Robinson continued, “In fact, some of the African American employees felt there were two OZYs. The white OZY and the black OZY, where, like America, the employees were treated less well.
He described Watson as “the smiling, handsome, nervous, dead-eyed Watson who made venture capitalists toss him millions of dollars,” and as “a cheerful bon vivant, like the black sidekick in a movie. ‘action, done [investors] feeling good about everything that passes for “awakening” in the valley. “
He also said that over the years he grew up, Ozy seemed more and more “designed to impose Watson on the rest of America,” through increasingly web and TV shows. produced. Of one of those programs, the “Carlos Watson Show,” said Robinson, “I was confused as to how the show could be a success. In a universe of Kimmels, Fallons, Eric Andre, Trevor Noah, Bill Maher for g-dssake, how did people even think choosing Watson made sense.
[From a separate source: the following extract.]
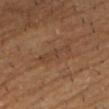The lesion was tiled from a total-body skin photograph and was not biopsied. A close-up tile cropped from a whole-body skin photograph, about 15 mm across. A male subject approximately 85 years of age or older. About 4.5 mm across. The lesion is on the chest.
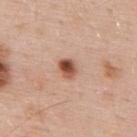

It didn’t make sense because it wasn’t real. Everything indicates that Watson was inflating the size of Ozy’s mediocre audience in order to squeeze more money from ignorant white investors who adhere to the idea that they can be saved from cultural exile if they demonstrate A certain deference to people who say race, gender, and gender identity should be the main concern when doing anything.
Watson had a lame product. Have you heard of it before this week? But more important than what he was selling was what he and Ozy stood for: the supremacy of race, gender, and gender identity in all facets of contemporary American culture.
Perhaps Watson never explicitly raised the issue of “social justice” at its easy marks, but let’s not kid ourselves. Everyone in the country knows how it works now. In corporate America, you can either embrace the social justice scam, bring up race, gender, and gender identity grievances (sometimes referred to as “issues”), or you can be its next victim. Saving yourself is getting ahead by, say, giving millions of dollars to a curious man with no remarkable talent, but who is an ethnic minority selling a product for and about other ethnic minorities.
This is the social justice scam, in which race, gender, and gender identity are in themselves of great value – at least until someone comes along and pulls the curtain again.